If you have to force relatives to take care of their aged, then obviously love is lacking.
No amount of court orders can bring that back.
Cee Dubya
3/9/2010
I am not able to, nor do I want to wrap my mind around the kind of thinking that would lead to such a contemptible act. You can’t choose your parents, but, if it came to having another go at it, my siblings and I would enthusiastically choose ours, without batting an eyelid. Space and time limitations would prohibit me to extol their virtues demonstrated in love, care and sound broughtupsy. But, you get the idea.

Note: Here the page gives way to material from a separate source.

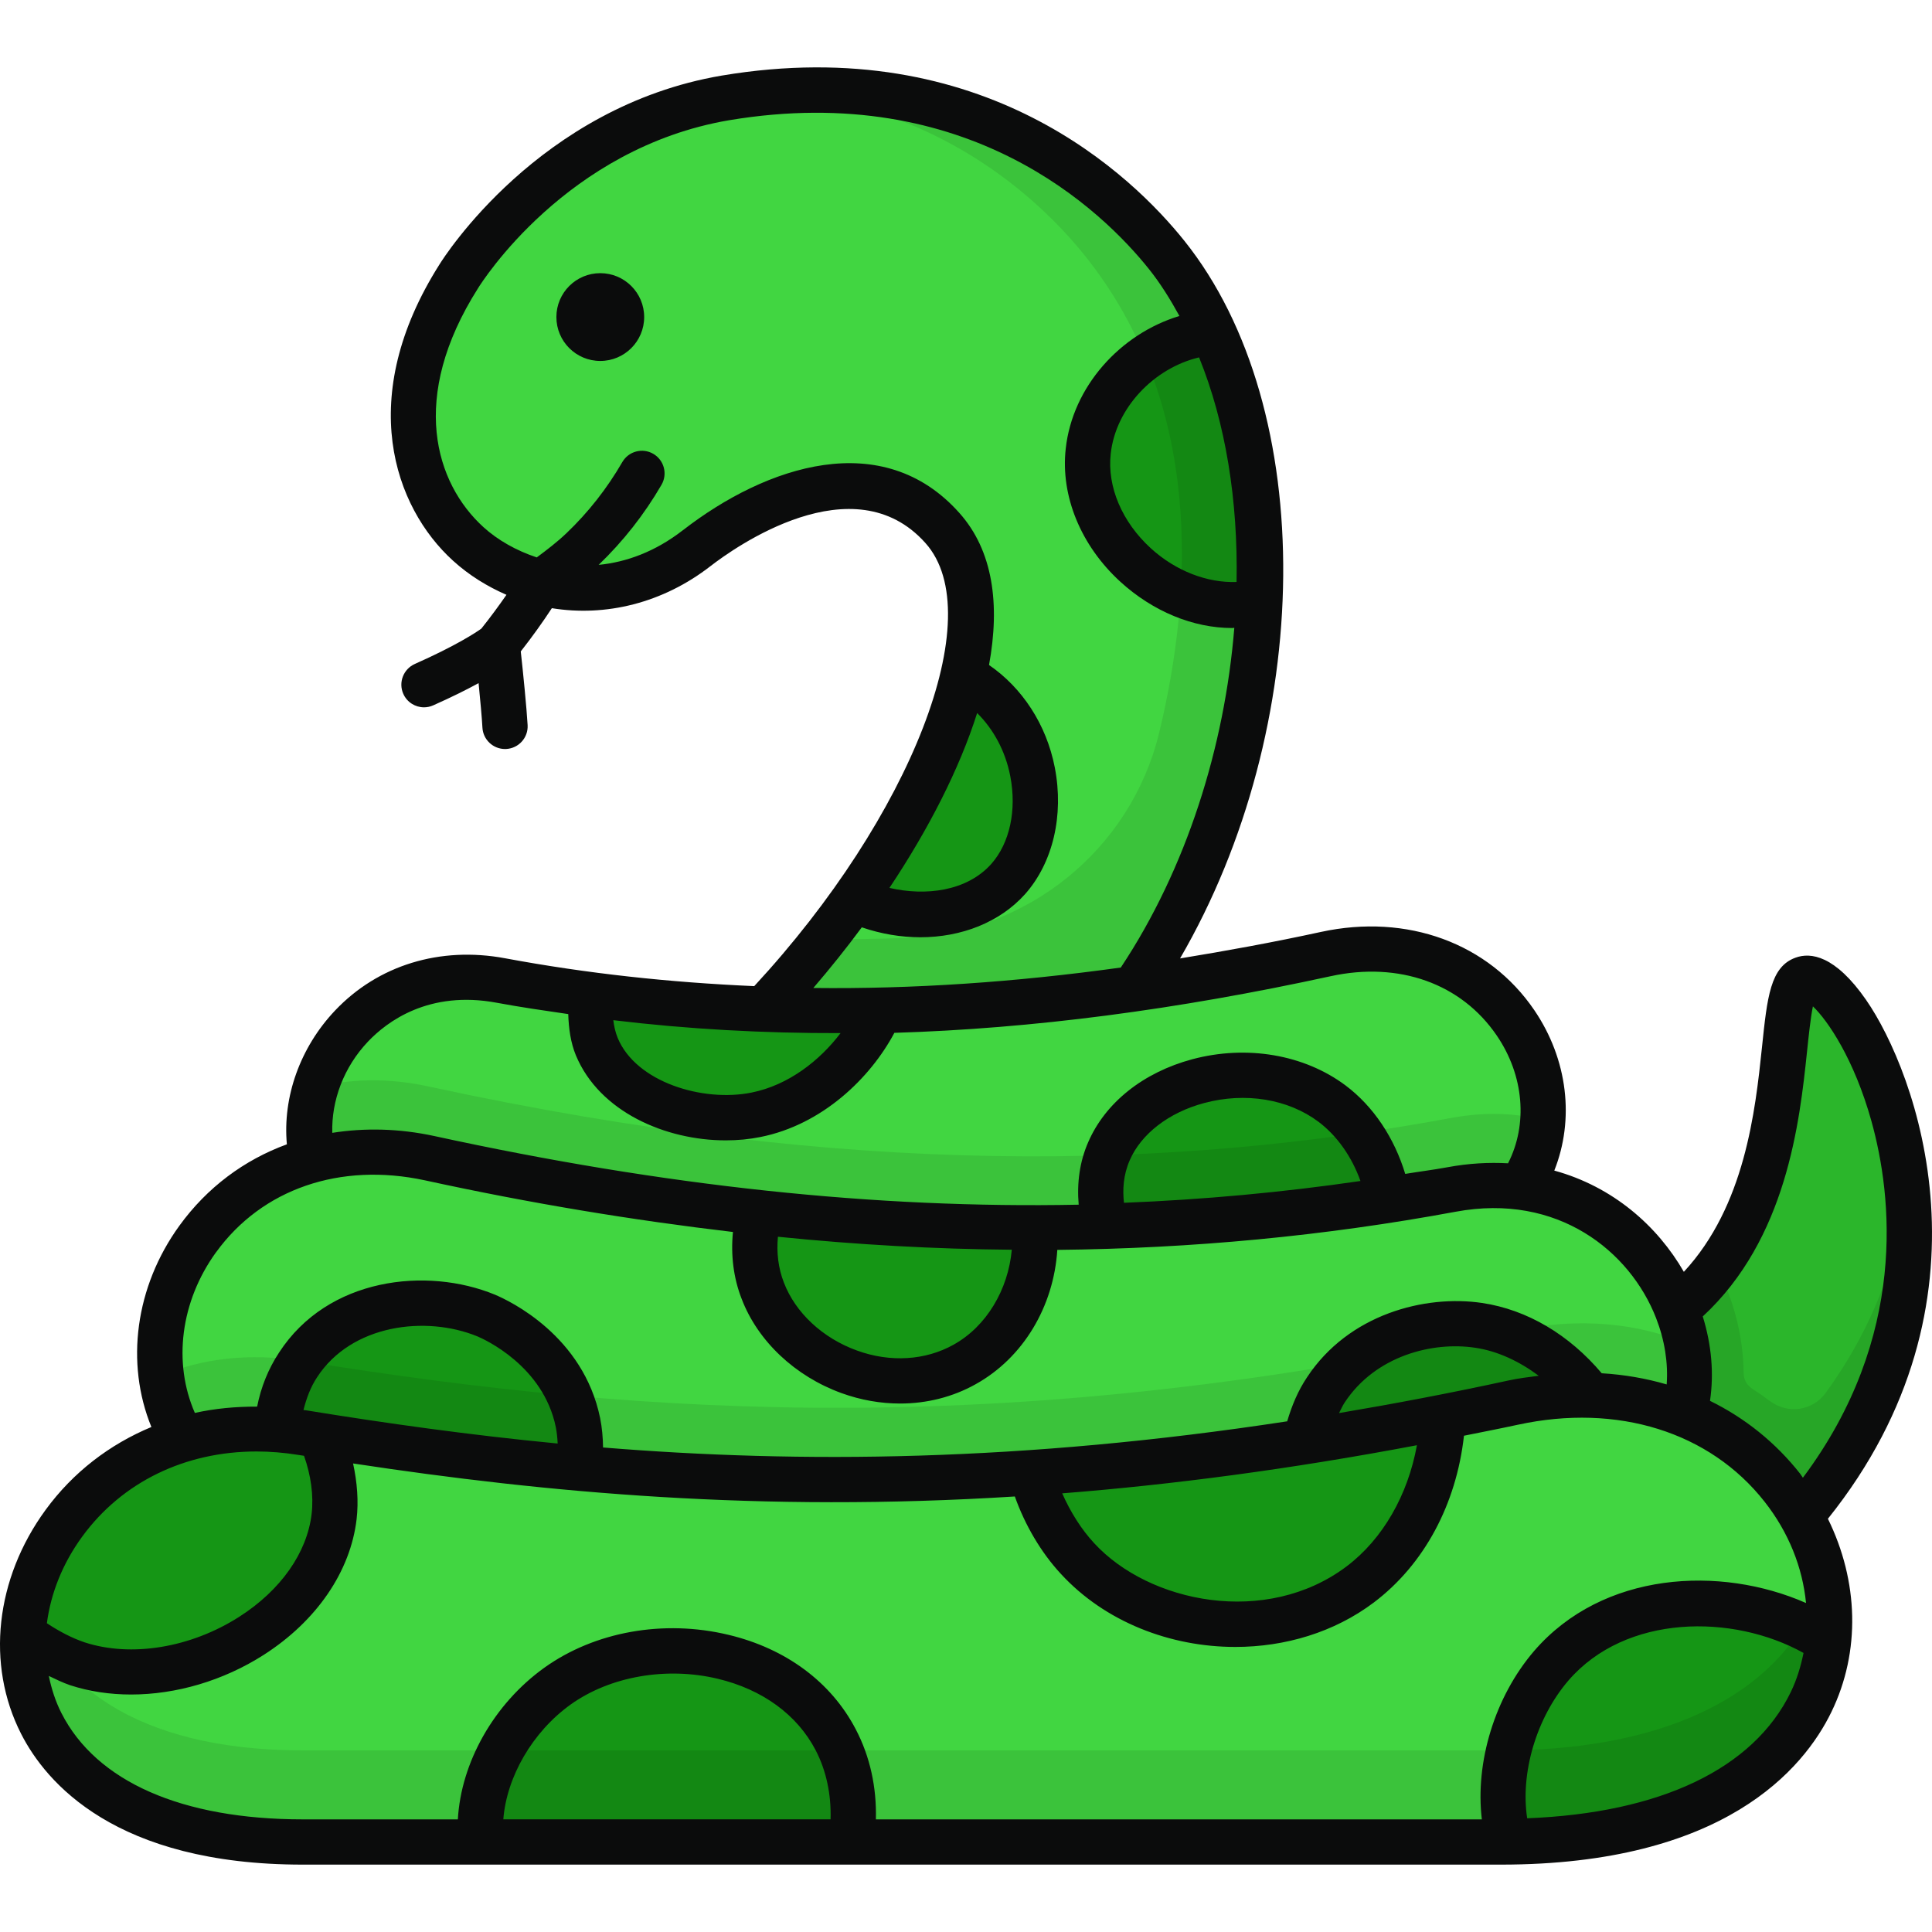 <svg id="Snake" enable-background="new 0 0 64 64" height="512" viewBox="0 0 64 64" width="512" xmlns="http://www.w3.org/2000/svg"><g><path d="m30.275 38.629c10.738-3.656 14.891-22.03 8.368-30.184-2.009-2.511-6.757-6.515-14.605-5.196-5.515.927-8.476 5.325-8.848 5.911-4.748 7.479 2.777 12.972 7.89 9.001 1.497-1.163 5.526-3.606 8.141-.662 3.644 4.1-3.852 16.192-12.039 20.875-1.32.755-2.47 1.183-3.069 1.388 4.25-.32 9.912-.812 14.162-1.132z" fill="#41d641"/><path d="m41.728 19.946v.013c-.038 0-.089.013-.128.025-2.731.561-5.882-2.118-5.551-5.04.217-1.978 1.991-3.79 4.16-3.943 1.187 2.59 1.671 5.717 1.518 8.945z" fill="#159615"/><path d="m33.396 29.121c-1.212 1.353-3.407 1.468-5.117.689 1.799-2.539 3.126-5.181 3.637-7.452 2.424 1.212 3.139 4.887 1.48 6.763z" fill="#159615"/><path d="m38.64 8.449c-1.863-2.335-6.087-5.959-12.977-5.397 5.308.421 8.649 3.396 10.259 5.397 3.964 4.926 3.592 11.207 2.479 15.815-.94 3.89-4.379 6.654-8.378 6.805-.929.035-1.838.049-2.727.042-2.284 2.897-5.155 5.563-8.116 7.261-1.11.638-2.105 1.046-2.743 1.276h1.161c4.019-.319 8.894-.74 12.671-1.021 3.866-1.314 6.865-4.53 8.83-8.486 3.522-7.044 3.713-16.473-.459-21.692z" opacity=".09"/><path d="m47.972 45.492c13.329.328 10.199-12.493 11.764-13.056 1.565-.563 7.812 10.499-1.457 19.252-4.651 4.392-11.961-.081-12.286-.263.66-1.978 1.319-3.955 1.979-5.933z" fill="#2bb62b"/><path d="m63.165 39.265c-.226 2.203-1.015 4.577-2.69 6.881-.434.597-1.262.706-1.851.261-.187-.141-.38-.276-.579-.404-.179-.115-.283-.306-.285-.518-.01-1.181-.314-2.383-.873-3.489-1.531 2.067-4.185 3.611-8.919 3.496-.651 1.978-1.314 3.956-1.978 5.933.332.179 7.643 4.657 12.288.268 1.034-.983 1.876-1.991 2.552-2.999l.013.013c2.169-3.267 2.628-6.635 2.322-9.442z" opacity=".09"/><path d="m43.918 31.605c-11.307 2.458-19.867 2.257-27.323.874-6.964-1.292-9.88 9.548-.075 9.548h27.18c11.448 0 8.186-12.154.218-10.422z" fill="#41d641"/><path d="m29.159 33.472c-.638 1.493-2.195 3.075-4.122 3.458-1.952.396-4.504-.421-5.27-2.259-.23-.561-.268-1.161-.191-1.71 2.973.396 6.138.6 9.583.51z" fill="#159615"/><path d="m45.965 41.83c-.676.128-1.429.191-2.259.191h-6.495c-.702-1.148-1.034-2.603-.485-3.879 1.059-2.437 4.976-3.381 7.388-1.582 1.557 1.174 2.335 3.407 1.85 5.27z" fill="#159615"/><path d="m51.12 37.108c-.153 2.514-2.335 4.913-7.414 4.913-3.228 0-1.187 0-27.192 0-5.372 0-6.916-3.254-6.074-5.972v-.013c1.123-.306 2.399-.344 3.79-.038 14.011 3.037 24.614 2.743 33.853 1.034 1.11-.204 2.131-.166 3.037.077z" opacity=".09"/><path d="m14.227 38.369c14.008 3.045 24.618 2.75 33.855 1.036 8.627-1.6 12.236 11.876.089 11.876-32.215 0-29.688 0-33.673 0-14.183 0-10.142-15.058-.27-12.912z" fill="#41d641"/><path d="m34.276 40.681c.115 1.761-.715 3.624-2.322 4.517-2.475 1.391-5.768-.025-6.686-2.437-.332-.842-.345-1.761-.115-2.59 3.228.357 6.265.51 9.123.51z" fill="#159615"/><path d="m18.02 51.285h-3.522c-1.723 0-3.177-.217-4.389-.613-.051-.051-.089-.115-.128-.179-.919-1.442-1.212-3.598-.115-5.283 1.365-2.093 4.224-2.463 6.24-1.633.242.102 2.539 1.097 3.037 3.547.306 1.48-.153 3.024-1.123 4.16z" fill="#159615"/><path d="m53.952 49.677c-1.263.983-3.152 1.608-5.78 1.608h-4.428c-.817-1.493-.919-3.598.179-5.244 1.187-1.799 3.369-2.386 5.053-2.131 2.896.421 5.104 3.42 4.976 5.768z" fill="#159615"/><path d="m48.172 51.285c-32.219 0-29.693 0-33.674 0-6.048 0-8.792-2.731-9.162-5.716 1.327-.561 2.909-.766 4.67-.485 11.586 1.876 23.606 2.59 40.118-.995 2.195-.472 4.147-.255 5.755.421.613 3.228-1.48 6.776-7.707 6.776z" opacity=".09"/><path d="m50.124 46.463c-16.51 3.589-28.537 2.875-40.123.993-10.215-1.659-14.291 13.562.027 13.562h39.688c16.717 0 12.043-17.084.408-14.555z" fill="#41d641"/><g fill="#159615"><path d="m11.065 50.239c-.408 3.484-5.027 6.01-8.511 4.874-.638-.217-1.25-.549-1.786-.957.204-3.79 3.866-7.567 9.238-6.699.204.038.408.064.613.102.383.855.549 1.799.447 2.68z"/><path d="m47.802 46.947c-.102 2.042-.97 4.198-2.744 5.538-2.858 2.156-7.171 1.531-9.366-.855-.651-.702-1.263-1.735-1.544-2.833 4.224-.293 8.741-.88 13.653-1.85z"/><path d="m28.202 61.021h-12.275c-.204-1.952.957-4.032 2.539-5.168 2.82-2.016 7.554-1.404 9.213 1.774.549 1.046.702 2.246.523 3.394z"/><path d="m60.575 54.36c-.37 3.394-3.509 6.571-10.578 6.661-.587-1.889.064-4.3 1.391-5.844 2.361-2.731 6.635-2.488 9.149-.842.013.013.026.013.038.025z"/></g><path d="m49.716 61.021c-4.696 0-1.723 0-39.684 0-7.605 0-10.03-4.3-9.072-8.077.702 2.731 3.483 5.04 9.072 5.04h39.684c6.686 0 9.953-2.731 10.706-5.844.983 4.122-1.889 8.881-10.706 8.881z" opacity=".09"/><path d="m19.885 9.049c.803 0 1.454.651 1.454 1.454s-.651 1.454-1.454 1.454-1.454-.651-1.454-1.454.651-1.454 1.454-1.454zm41.934 24.077c-1.03-1.485-1.844-1.586-2.342-1.401-.831.301-.936 1.301-1.108 2.955-.224 2.146-.568 5.27-2.589 7.451-.876-1.521-2.347-2.82-4.292-3.354.672-1.688.454-3.674-.664-5.317-1.509-2.216-4.208-3.208-7.064-2.589-1.593.347-3.141.628-4.669.878 4.455-7.661 4.61-18.194.14-23.775-1.706-2.13-6.62-6.931-15.324-5.47-6.059 1.03-9.218 6.045-9.345 6.25-2.796 4.408-1.509 8.045.443 9.818.539.49 1.14.857 1.772 1.132-.257.369-.53.742-.832 1.12-.18.129-.829.56-2.204 1.171-.378.169-.549.612-.381.99.124.28.399.446.686.446.101 0 .205-.021.304-.065.634-.282 1.122-.528 1.504-.736.055.555.11 1.153.127 1.473.022.399.353.709.748.709.014 0 .028-.001.042-.001.413-.023.73-.377.707-.79-.03-.546-.155-1.799-.227-2.442.379-.483.721-.961 1.03-1.432 1.778.289 3.673-.163 5.261-1.398.77-.596 4.735-3.436 7.118-.756 2.127 2.385-.471 9.05-5.675 14.674-2.789-.122-5.53-.416-8.253-.923-2.155-.402-4.207.229-5.629 1.727-1.163 1.226-1.744 2.872-1.6 4.436-1.413.517-2.642 1.427-3.562 2.698-1.464 2.022-1.791 4.551-.926 6.666-1.383.576-2.593 1.498-3.504 2.745-1.667 2.281-1.979 5.122-.815 7.413.823 1.621 3.13 4.339 9.332 4.339h39.688c7.391 0 10.034-3.169 10.952-5.057.974-2.005.898-4.337-.116-6.4 5.782-7.209 2.907-14.82 1.267-17.184zm-1.959 1.71c.054-.515.117-1.121.195-1.499.488.463 1.367 1.747 1.941 3.811.679 2.446 1.228 7.123-2.273 11.804-.033-.043-.057-.09-.091-.133-.816-1.037-1.832-1.848-2.986-2.414.134-.908.052-1.855-.24-2.796 2.777-2.568 3.208-6.421 3.454-8.773zm-18.897-15.557c-.959.035-2.006-.355-2.84-1.116-.956-.873-1.453-2.045-1.328-3.138.165-1.506 1.427-2.832 2.926-3.186.882 2.174 1.292 4.747 1.242 7.439zm-18.34-1.716c-.915.711-1.873 1.06-2.792 1.149.811-.779 1.513-1.67 2.083-2.654.207-.358.085-.817-.274-1.025-.359-.207-.817-.085-1.025.274-.507.876-1.13 1.67-1.854 2.359-.304.29-.641.547-.98.799-.676-.225-1.287-.568-1.766-1.003-1.595-1.45-2.481-4.287-.18-7.913.117-.19 2.926-4.649 8.322-5.567 7.923-1.322 12.363 3.005 13.902 4.929.379.473.707 1.003 1.011 1.556-1.969.595-3.542 2.349-3.766 4.392-.177 1.566.499 3.215 1.808 4.411 1.084.99 2.422 1.534 3.705 1.534.024 0 .047-.007.071-.007-.318 3.933-1.582 7.976-3.76 11.254-3.526.49-6.901.715-10.185.677.559-.651 1.098-1.323 1.605-2.009.643.22 1.299.329 1.936.329 1.364 0 2.635-.493 3.475-1.431.922-1.042 1.289-2.608.983-4.19-.279-1.438-1.088-2.649-2.179-3.398.369-2.012.133-3.787-.981-5.035-2.537-2.853-6.393-1.575-9.158.569zm5.222 16.66c-.68.897-1.716 1.725-2.955 1.971-1.603.322-3.815-.341-4.427-1.808-.082-.201-.123-.4-.146-.591 2.474.298 4.977.435 7.528.428zm4.525-10.602c.537.532.936 1.256 1.097 2.092.218 1.127-.018 2.216-.63 2.907-.812.907-2.174 1.069-3.373.793 1.29-1.936 2.314-3.929 2.905-5.792zm-20.178 10.881c.626-.659 2.015-1.706 4.267-1.284.786.146 1.576.26 2.365.375.015.477.079.944.253 1.367.781 1.875 2.975 2.816 4.964 2.816.393 0 .779-.037 1.144-.11 2.057-.408 3.649-1.959 4.442-3.452 4.574-.14 9.336-.762 14.453-1.876 2.259-.494 4.329.24 5.504 1.968.905 1.328 1.03 2.942.372 4.23-.634-.035-1.303-.001-2.01.131-.465.086-.931.143-1.396.22-.358-1.182-1.043-2.23-1.98-2.933-1.373-1.024-3.27-1.345-5.071-.866-1.628.436-2.887 1.44-3.453 2.753-.279.639-.376 1.342-.313 2.066-6.745.134-13.732-.617-21.34-2.273-1.175-.255-2.314-.276-3.386-.107-.03-1.068.378-2.176 1.186-3.026zm25.041 5.342c-.047-.423-.027-.911.189-1.405.378-.878 1.3-1.588 2.466-1.899 1.366-.367 2.779-.134 3.783.616.622.466 1.114 1.171 1.396 1.966-2.591.378-5.198.617-7.833.722zm-11.463 1.125c2.632.266 5.21.409 7.747.43-.12 1.329-.843 2.542-1.928 3.145-.931.522-2.099.596-3.201.194-1.135-.41-2.038-1.25-2.421-2.252-.184-.47-.248-.994-.197-1.518zm-18.612.514c1.52-2.099 4.106-2.989 6.918-2.383 3.522.768 6.905 1.323 10.204 1.711-.076.763.018 1.529.289 2.217.532 1.396 1.769 2.563 3.308 3.121.638.231 1.295.345 1.94.345.885 0 1.746-.216 2.504-.641 1.574-.875 2.583-2.569 2.704-4.449 4.471-.047 8.839-.457 13.197-1.264 3.385-.629 5.777 1.313 6.638 3.522.287.74.402 1.487.351 2.199-.687-.201-1.407-.325-2.152-.37-1.074-1.271-2.46-2.105-3.965-2.329-1.892-.28-4.419.373-5.795 2.46-.302.448-.506.944-.659 1.461-8.779 1.342-16.134 1.398-22.663.867-.005-.326-.032-.65-.096-.97-.557-2.732-2.997-3.887-3.487-4.093-2.261-.93-5.535-.568-7.148 1.916-.357.541-.6 1.143-.728 1.793-.708-.002-1.401.061-2.063.209-.727-1.66-.48-3.689.702-5.323zm42.809 4.248c-1.936.421-3.799.773-5.61 1.079.063-.118.114-.242.19-.355 1.016-1.54 2.903-2.025 4.327-1.808.736.109 1.452.446 2.098.927-.334.044-.667.083-1.006.157zm-3.03 2.145c-.298 1.646-1.127 3.104-2.327 4.011-2.665 2.008-6.546 1.211-8.364-.767-.428-.46-.792-1.044-1.059-1.651 3.641-.287 7.539-.797 11.75-1.594zm-36.813-1.16c-.024-.004-.047-.003-.071-.007.098-.388.233-.757.449-1.083 1.133-1.748 3.595-2.062 5.317-1.355.222.094 2.178.972 2.593 3.006.035.176.052.358.062.542-2.925-.282-5.69-.671-8.35-1.103zm-7.399 4.184c1.325-1.815 3.419-2.818 5.771-2.818.454 0 .918.038 1.387.114.062.01.126.019.188.029.228.642.323 1.313.252 1.926-.151 1.287-1.024 2.528-2.396 3.406-1.608 1.029-3.58 1.353-5.13.846-.431-.146-.849-.371-1.244-.631.129-.989.52-1.98 1.171-2.871zm-.69 5.849c-.198-.391-.331-.806-.418-1.231.234.11.466.226.707.307.634.207 1.317.308 2.018.308 1.486 0 3.051-.454 4.394-1.313 1.752-1.122 2.873-2.76 3.077-4.495.069-.595.019-1.224-.117-1.846 6.415.972 13.477 1.624 21.922 1.094.333.94.864 1.851 1.526 2.565 1.465 1.592 3.625 2.419 5.777 2.419 1.642 0 3.277-.482 4.592-1.475 1.667-1.26 2.729-3.251 2.983-5.522.595-.12 1.182-.233 1.79-.365h.001c3.293-.713 6.35.238 8.167 2.551.803 1.02 1.259 2.187 1.373 3.356-2.844-1.251-6.728-1.048-9.005 1.586-1.313 1.528-1.959 3.698-1.734 5.581h-20.073c.027-1.061-.193-2.081-.669-2.988-.815-1.561-2.312-2.672-4.217-3.126-2.146-.515-4.426-.106-6.097 1.09-1.677 1.203-2.76 3.143-2.865 5.024h-5.136c-4.003 0-6.842-1.25-7.995-3.519zm14.638 3.519c.109-1.403.961-2.893 2.232-3.805 1.302-.931 3.17-1.26 4.875-.851 1.476.353 2.626 1.191 3.237 2.362.356.68.521 1.477.497 2.294zm33.917-.035c-.23-1.492.3-3.324 1.368-4.566 1.897-2.196 5.438-2.217 7.786-.911-.089.445-.222.882-.423 1.298-1.239 2.549-4.333 4.006-8.731 4.179z" fill="#0b0c0c"/></g></svg>

So, when I bring the readers’ attention to the entirety of Part V Section 10 (1) to (3) of the Maintenance Act (2005), you may be assured that it is simply to complete the context within which you have situated your recommendations. It reads:
“(1) Every person who is not a minor has an obligation, to the extent that the person is capable of doing so, to maintain the person's parents and grandparents who are in need of such maintenance by reason of age, physical or mental infirmity or disability.
(2) In considering the circumstances of a dependant who is a parent or grandparent, the Court shall have regard to whether, by reason of age or infirmity, that dependant is unable to provide for himself or herself.
(3) The obligation of a person under subsection (1) in respect of that person's grandparent only arises in the event of the failure of the grandparent's children to do so owing to death, physical or mental infirmity or disability.”
Whew! You almost frighten me. Anyway, for quick reference: http://www.moj.gov.jm/laws/statutes/Maintenance%20Act.pdf .
If the link isn’t reproduced here, a quick Google search will help.